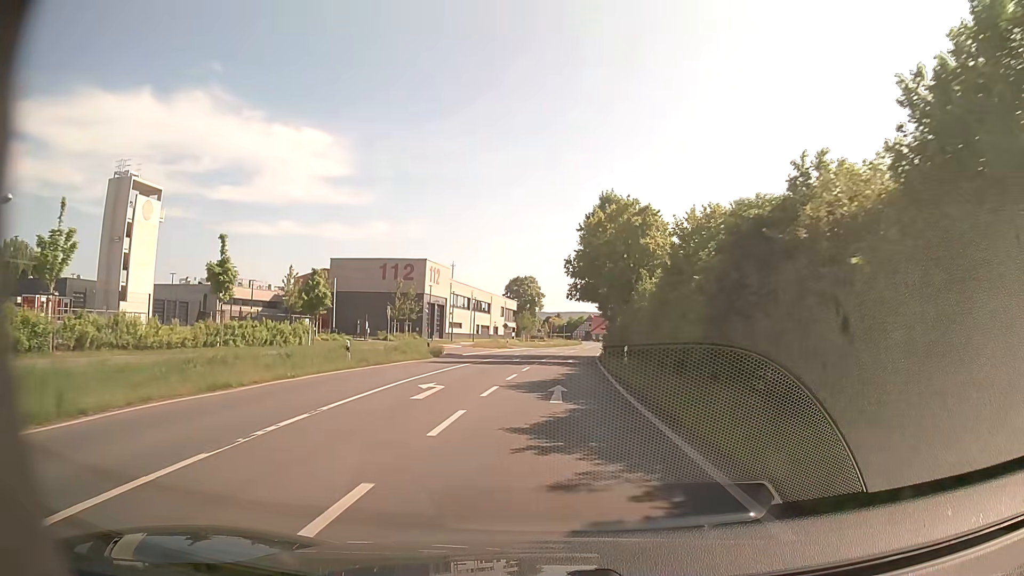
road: secondary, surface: asphalt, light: Day
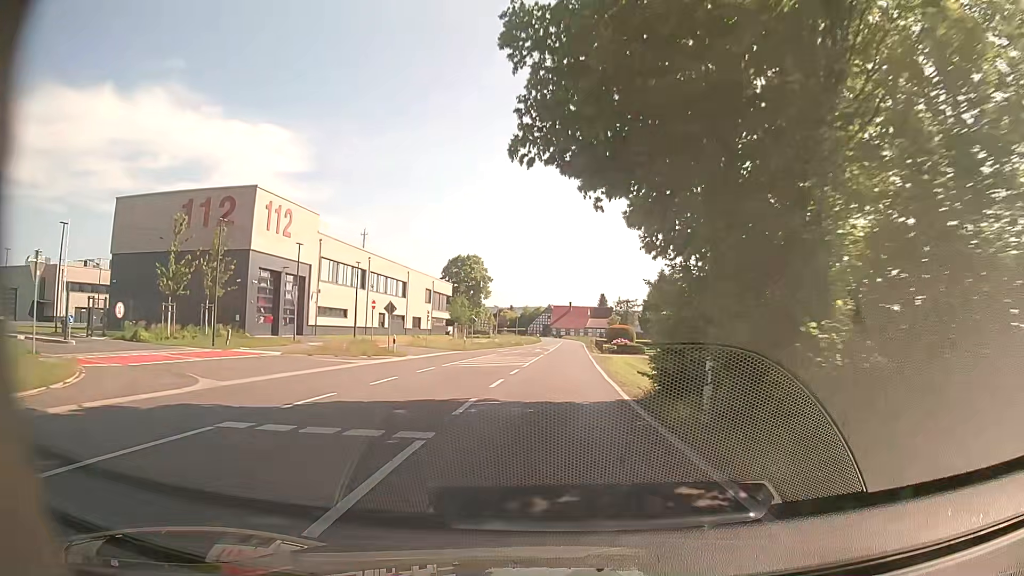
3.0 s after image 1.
(+1.4, +40.5) m; +4°
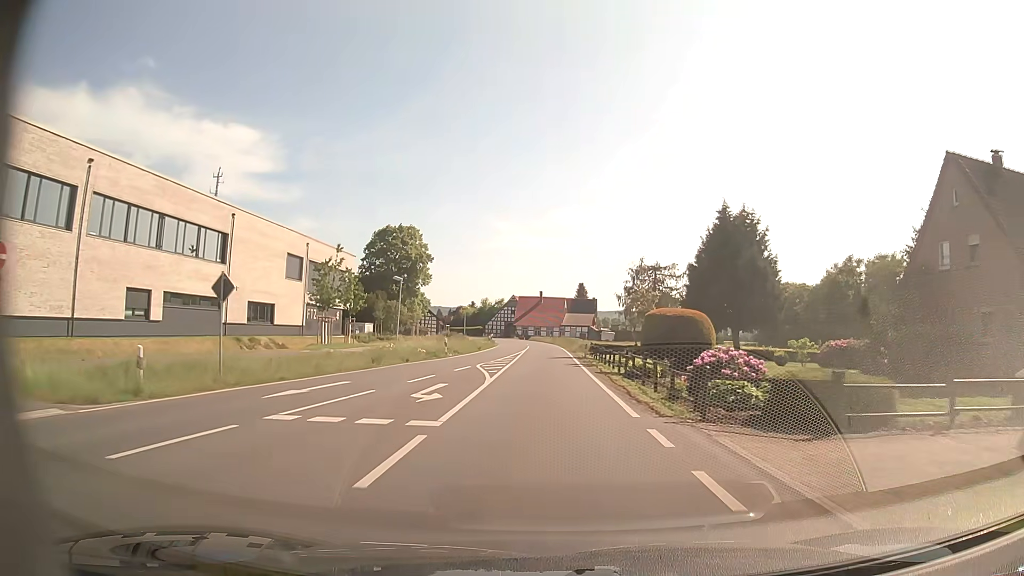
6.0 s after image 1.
(+1.4, +41.9) m; +3°
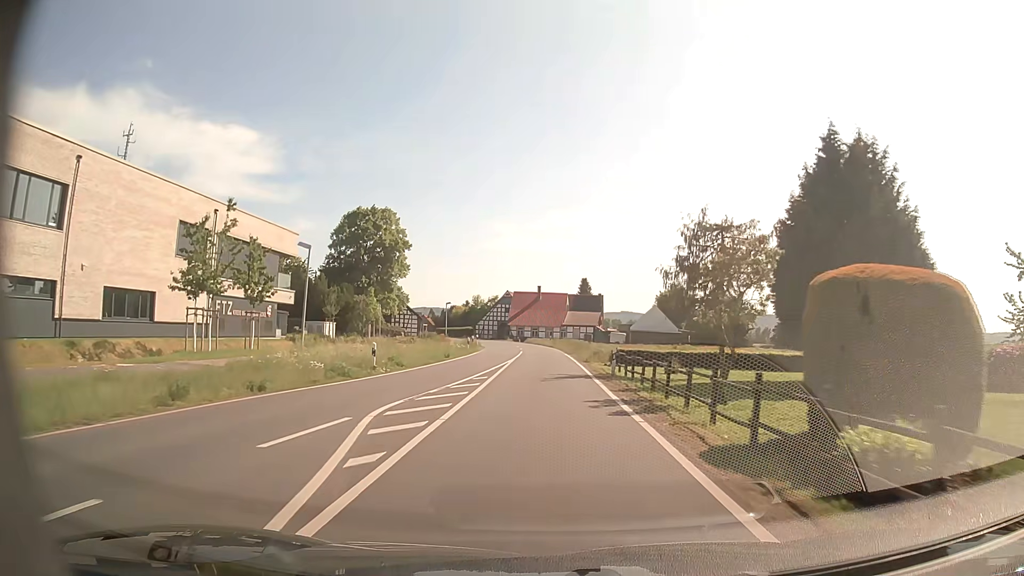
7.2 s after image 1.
(0.0, +17.0) m; 0°
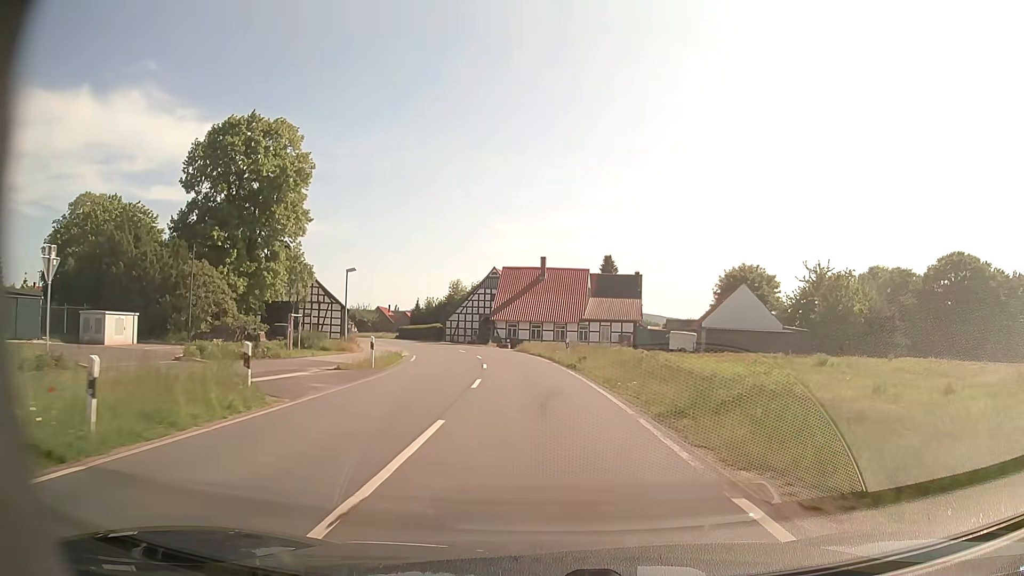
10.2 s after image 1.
(-0.3, +42.0) m; -1°
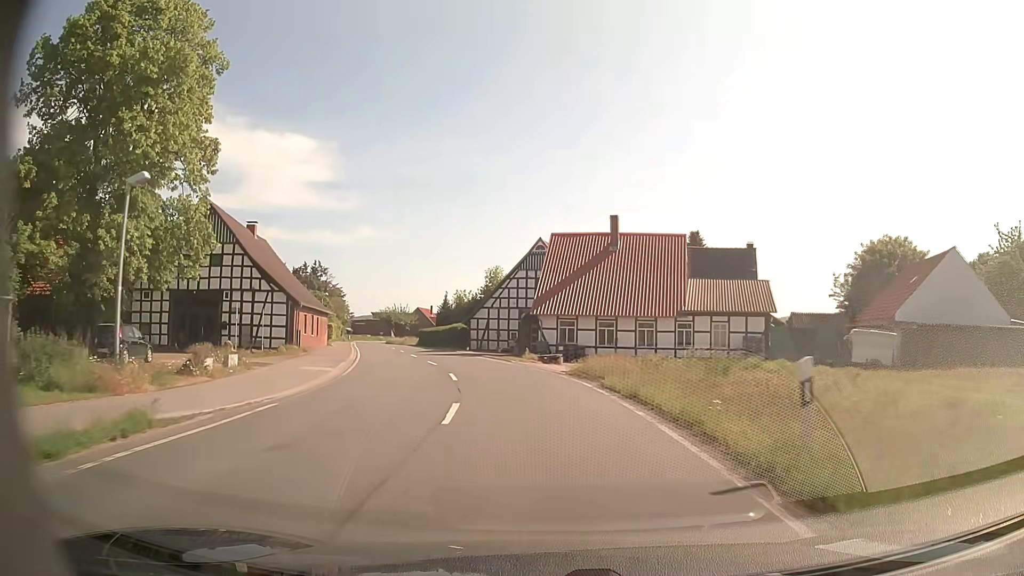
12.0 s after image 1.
(-0.8, +25.1) m; -5°
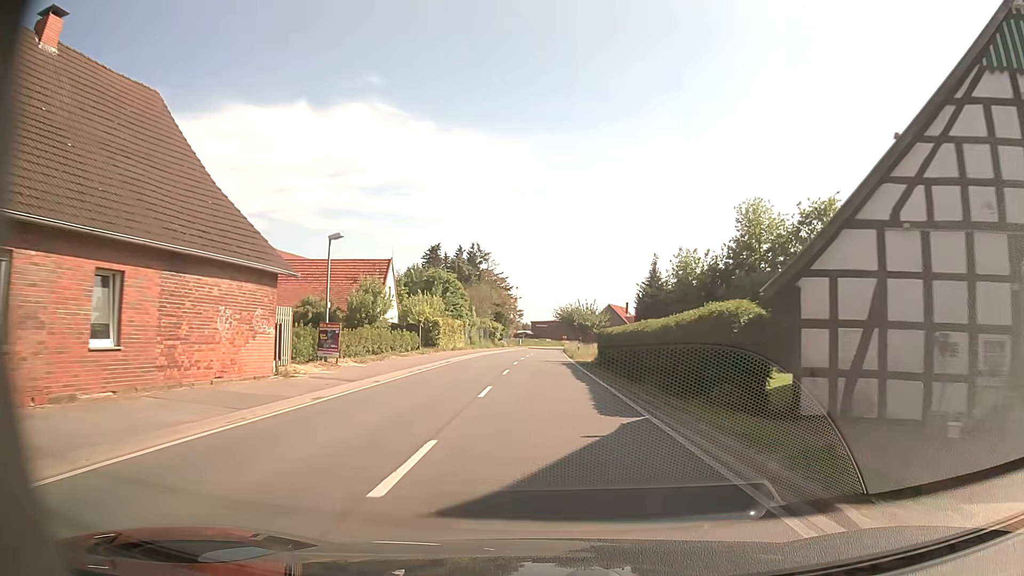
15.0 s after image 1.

+--

> _TASK STATEMENT_
Every line of the data above should be repeated exactly. Omit the pictures.

> _EXERCISE ANSWER_
road: secondary, surface: asphalt, light: Day
3.0 s after image 1.
(+1.4, +40.5) m; +4°
6.0 s after image 1.
(+1.4, +41.9) m; +3°
7.2 s after image 1.
(0.0, +17.0) m; 0°
10.2 s after image 1.
(-0.3, +42.0) m; -1°
12.0 s after image 1.
(-0.8, +25.1) m; -5°
15.0 s after image 1.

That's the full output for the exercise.